If you want people to care about something then you need to give them a reason to care and the first step is exposure. It’s easy to tell the public that many of our planet’s species are facing extinction, but showing people by transporting them to the habitats these animals call home isn’t easy. After all, most people simply don’t have the means to go on an African safari.

That’s where a new project using virtual reality comes into play. Visitors to
Jardin d’Acclimatation , Paris’ oldest theme park, are now being welcomed into a new exhibit called Wild Immersion that gives them a 360 degree view of some of the world’s most remote places and the wildlife that lives there. Combining the VR headsets with moving seats, visitors are practically teleported into landscapes most people have only seen in the pages of National Geographic.
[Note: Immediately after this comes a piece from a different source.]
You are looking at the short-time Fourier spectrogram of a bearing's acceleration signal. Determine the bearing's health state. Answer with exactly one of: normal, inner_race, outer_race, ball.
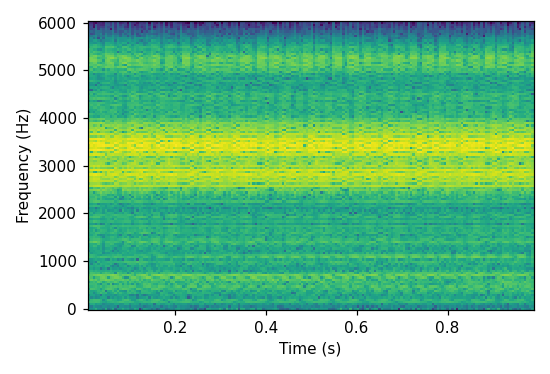
Answer: outer_race

The goal of the project is to put “people into the wild so that they understand the importance of preserving biodiversity,” project founder Adrien Moisson said at last month’s launch. Famed British primatologist Jane Goodall is one of the project’s sponsors and her institute worked with Moisson, a former veterinarian, to find a way that technology could be used to take people to these exotic locations, while leaving a completely zero carbon footprint.

Moisson began gathering footage of wildlife from around the planet using 360 degree cameras and documenting hours of footage. He eventually accumulated over 200 species across 40 different countries. There were a few mishaps along the way though. For example, a curious lion ate one of his cameras and an elephant crushed another. In the end though, Moisson was able to edit the footage that at times had him face-to-face with deadly snakes into six productions to be shown in the Wild Immersion’s exhibit.

So far, the Moisson’s films and the exhibit have been wildly popular with the park’s visitors. “People have to love nature and animals in their natural environment,” Moisson said. Visitors to the park who watch all six films are virtually transported to every type of natural environment on the planet from the bush of Tanzania to Australia’s Great Barrier Reef to the tundra of the Arctic. While the VR experience is of course great fun and entertaining for all, the real goal is that each person walks away with a little more appreciation for Earth’s many threatened species and a desire to protect them for future generations.

“What we want to do with this attraction is to fill our visitors with wonder and to raise awareness as much as possible to the urgency and necessity to preserve wildlife,” Moisson said.